As for SANU, the only two institutions named as strategic partners in its Statute are Matica Srpska and the Academy of Sciences and Arts of Republika Srpska. And we have been sincerely committed to that!
In the fierce controversy that you
sparked at the very start of your SANU mandate by expressing your stance on the fate of Kosovo, you stressed that Serbia would have to fight “tooth and nail” for that which represents the cultural, historical and psychological foundations of Serbia in Kosovo. How would you comment on Priština’s attempts – seemingly aided by the international community – to find a compromise on this cultural and historical heritage by calling it Kosovan instead of Serbian?
As things tend to repeat in my experience, this interview is also being slowly flooded with political questions. As such, I am, as a political illiterate, forced to repeat that every political statement made in this interview is my private and completely personal statement, as a citizen informed to the average extent, and can in no way be connected with SANU.
But let me return to your question! This is about aggressive and poorly disguised hypocrisy. This is rather a violent change of cultural, ethnic and religious context in one territory than it is any kind of “compromise”?

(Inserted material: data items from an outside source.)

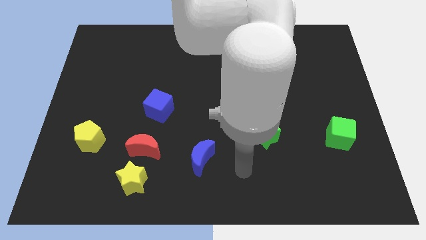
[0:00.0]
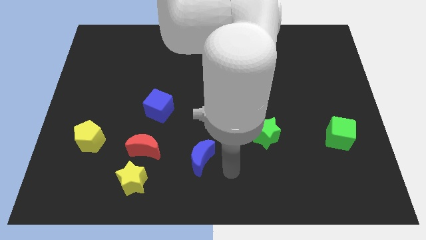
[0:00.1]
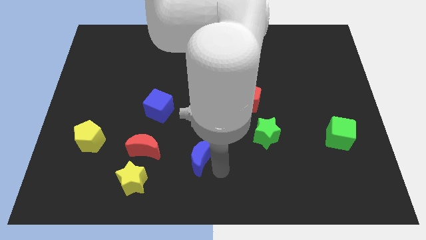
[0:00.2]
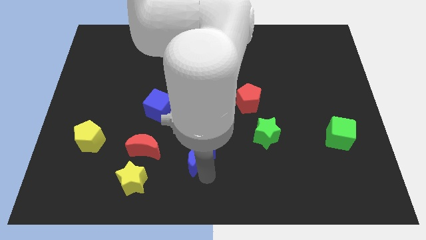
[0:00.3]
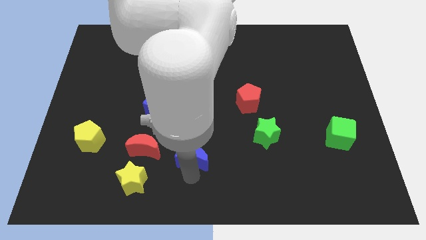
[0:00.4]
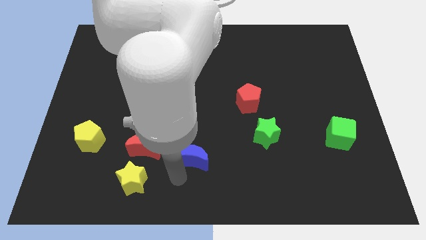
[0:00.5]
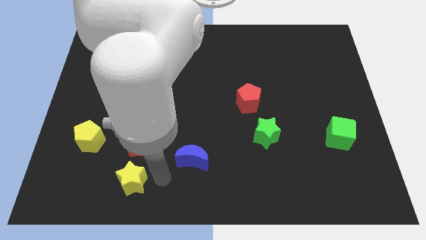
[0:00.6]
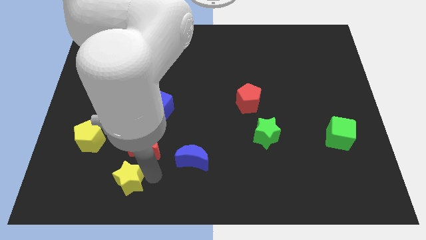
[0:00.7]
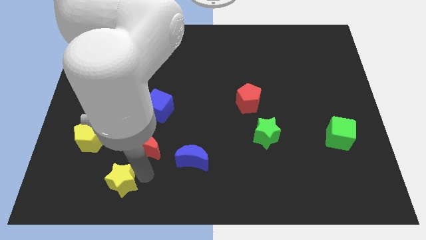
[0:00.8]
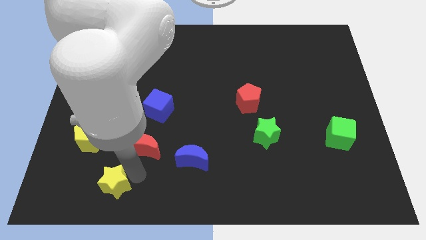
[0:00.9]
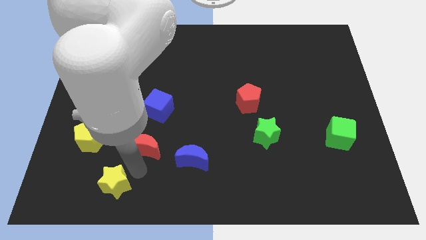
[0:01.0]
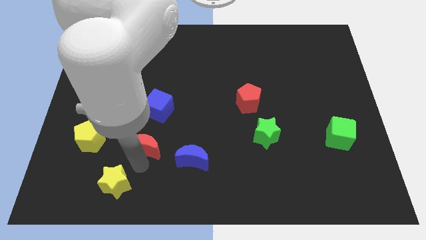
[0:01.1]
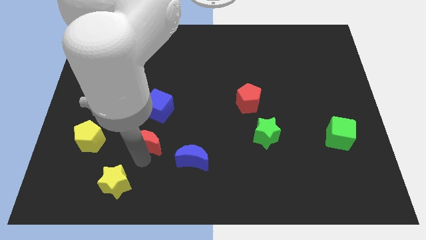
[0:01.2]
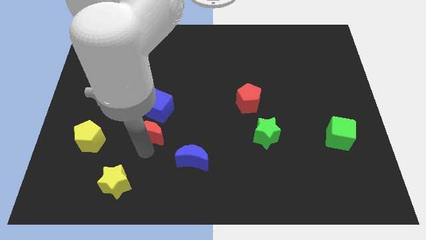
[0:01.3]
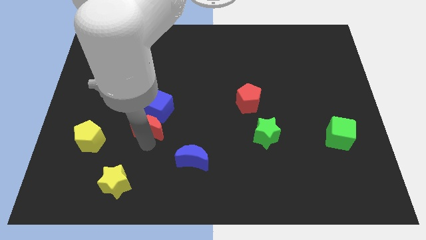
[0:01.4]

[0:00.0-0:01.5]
push the red moon next to the blue cube

At SANU we’re attempting to use various activities to impact on these particular issues. Partly by promoting our heritage in Kosovo and Metohija (KiM) (just to remind readers of the capital exhibition and monograph covering our cultural and artistic heritage in KiM, the upcoming exhibition and accompanying texts about Gračanica being prepared for the end of 2022, as well as a study on demographic movements on that territory, and much, much more). We had a conference a few months ago on international modalities for preserving these values in KiM, attended by dozens of competent lecturers. An anthology of their works will soon be published. Those wanting to hear had something to hear – those wanting to read will have something to read. And learn!

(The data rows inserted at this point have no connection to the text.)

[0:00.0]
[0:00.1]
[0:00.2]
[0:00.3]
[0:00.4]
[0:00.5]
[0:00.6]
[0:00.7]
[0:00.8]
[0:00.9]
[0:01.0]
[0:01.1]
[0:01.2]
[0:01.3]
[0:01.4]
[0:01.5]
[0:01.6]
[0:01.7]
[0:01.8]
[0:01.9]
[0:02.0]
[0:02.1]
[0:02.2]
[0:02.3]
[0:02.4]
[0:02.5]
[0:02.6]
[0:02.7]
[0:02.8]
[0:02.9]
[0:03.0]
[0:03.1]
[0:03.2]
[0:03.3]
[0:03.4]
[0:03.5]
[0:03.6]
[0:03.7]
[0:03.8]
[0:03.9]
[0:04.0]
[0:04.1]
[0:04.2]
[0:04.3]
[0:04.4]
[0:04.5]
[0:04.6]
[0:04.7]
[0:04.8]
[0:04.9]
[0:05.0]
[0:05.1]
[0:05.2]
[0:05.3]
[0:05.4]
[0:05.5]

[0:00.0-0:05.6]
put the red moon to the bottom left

You’ve noted that you consider the EU
pathway as being the most rational for Serbia. In light of the war in Ukraine, we’ve once again heard discussion of the need for Serbia to make a clear commitment to the EU, which implies distancing itself from Russia, and on the other hand, with the EU possibly deciding to speed up the accession process for the countries of the Western Balkans. How do you see that geopolitical crossroads?

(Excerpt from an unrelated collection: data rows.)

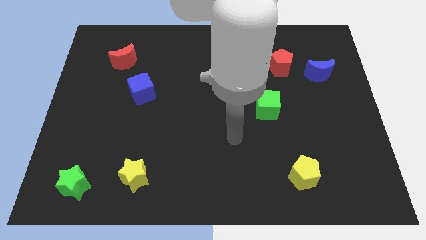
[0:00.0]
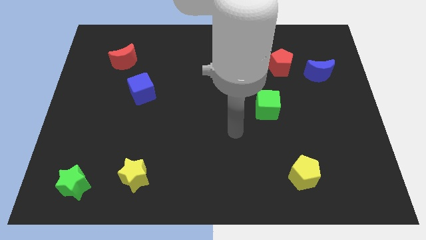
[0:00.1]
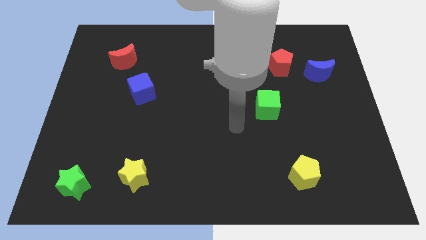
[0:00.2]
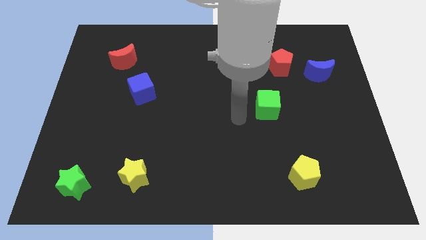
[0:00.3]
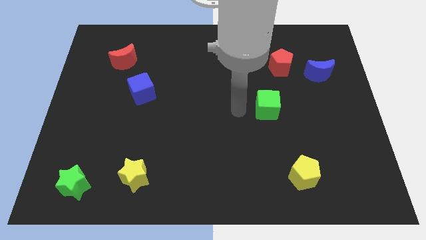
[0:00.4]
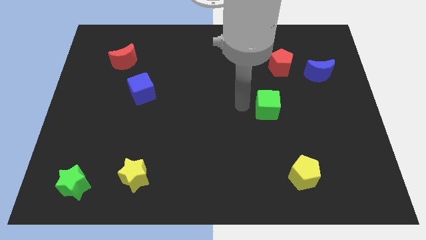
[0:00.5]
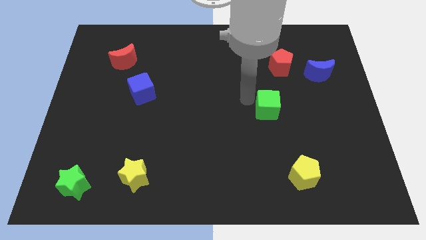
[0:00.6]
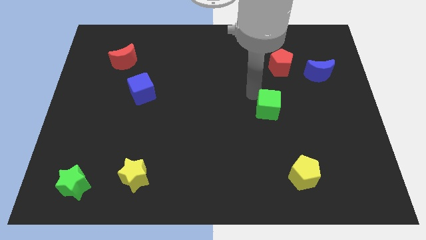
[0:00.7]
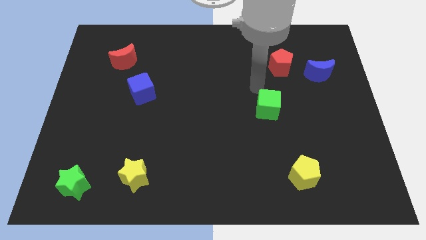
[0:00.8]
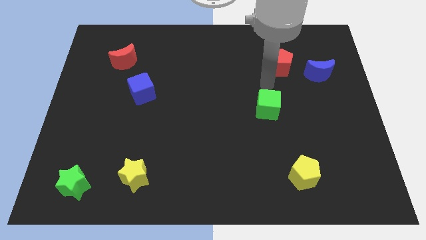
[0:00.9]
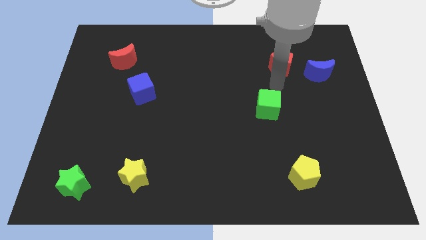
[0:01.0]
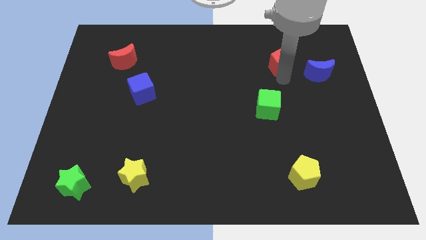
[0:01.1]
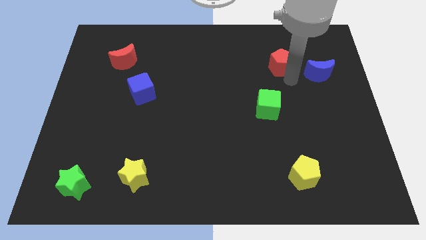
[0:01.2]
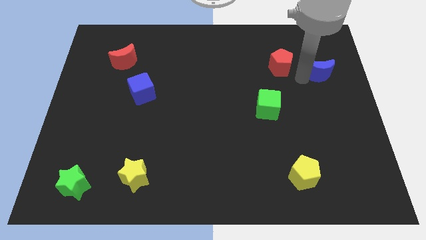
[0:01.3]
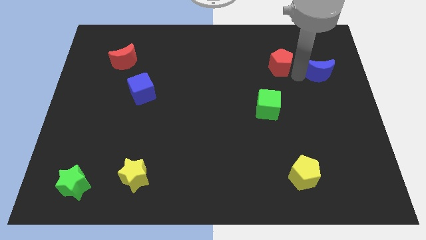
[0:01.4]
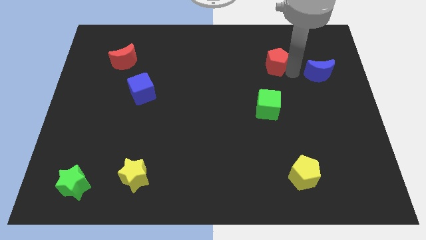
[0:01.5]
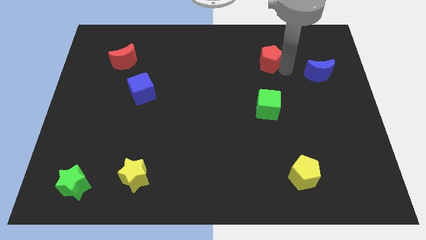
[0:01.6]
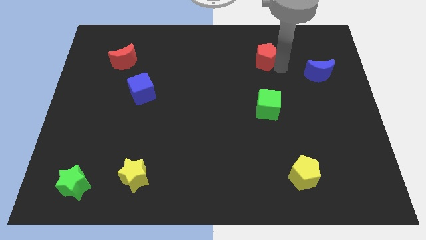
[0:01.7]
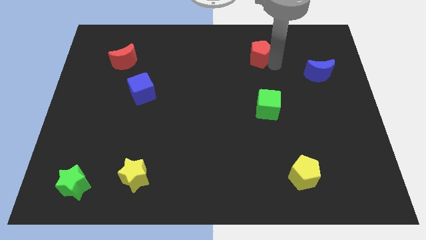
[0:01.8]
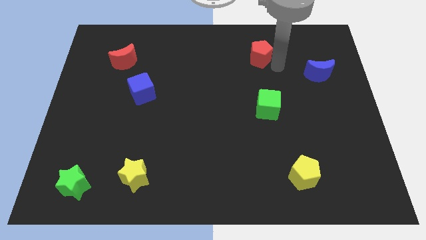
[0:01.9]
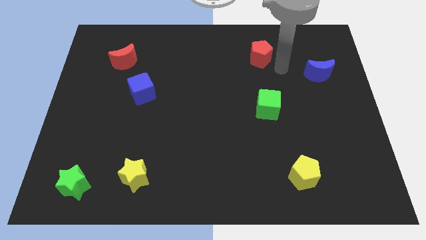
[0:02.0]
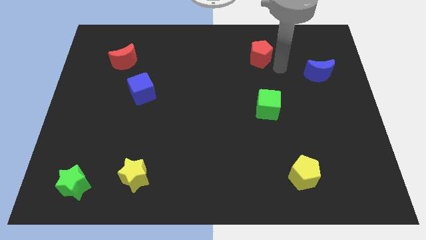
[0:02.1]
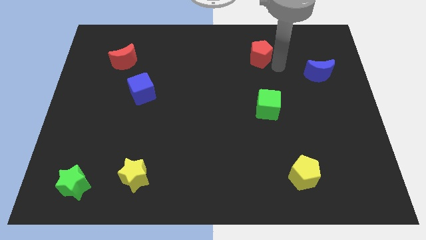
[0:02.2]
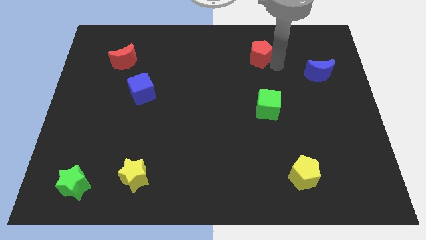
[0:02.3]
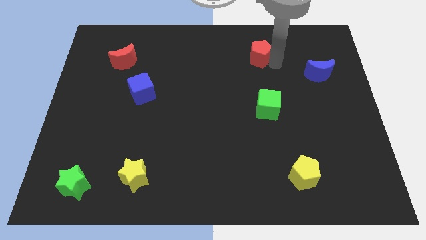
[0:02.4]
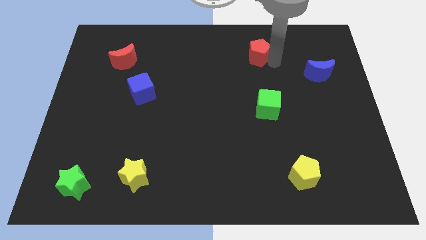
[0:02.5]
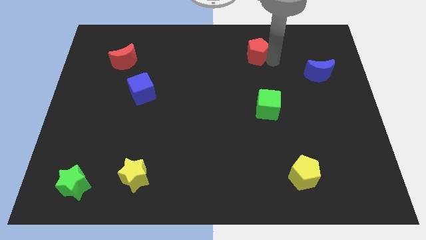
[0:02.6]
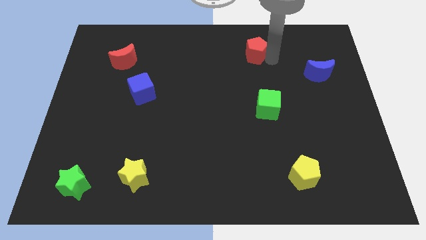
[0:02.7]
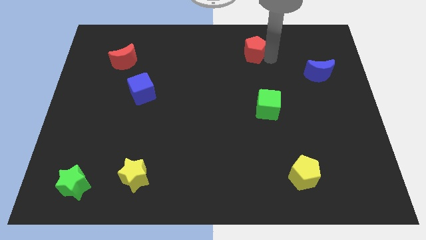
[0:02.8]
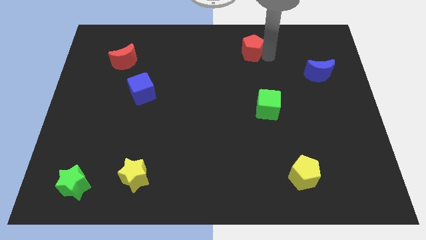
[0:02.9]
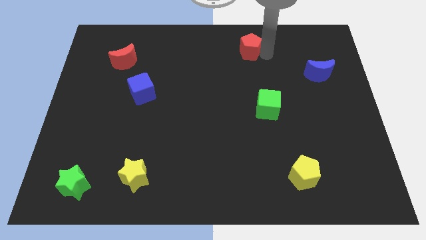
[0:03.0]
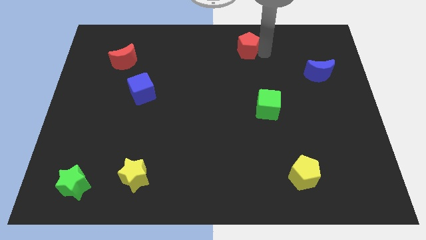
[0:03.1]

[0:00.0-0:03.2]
put the red pentagon to the top

As an individual, I haven’t changed my mind. This “geopolitical crossroads”, as you call it, is perhaps the biggest tectonic shift in Europe during the last 60-70 years, and to me, as a layman, it seems to be even bigger than the fall of the Berlin Wall. The creation of grotesque divisions is underway, but also stronger integrations. I fear that, surprised and confused, with the ideologizing of the problem of Buridan’s ass, we will become European loners.
I believe that the decisions that will be made, if they aren’t already being made, cannot be left down to one man, one party, one segment of society – these are those moments in history when it is necessary to resort to the informed (I insist, informed!) division of responsibility for possible decisions between political actors, organisations, institutions and individuals with something relevant to say on this issue.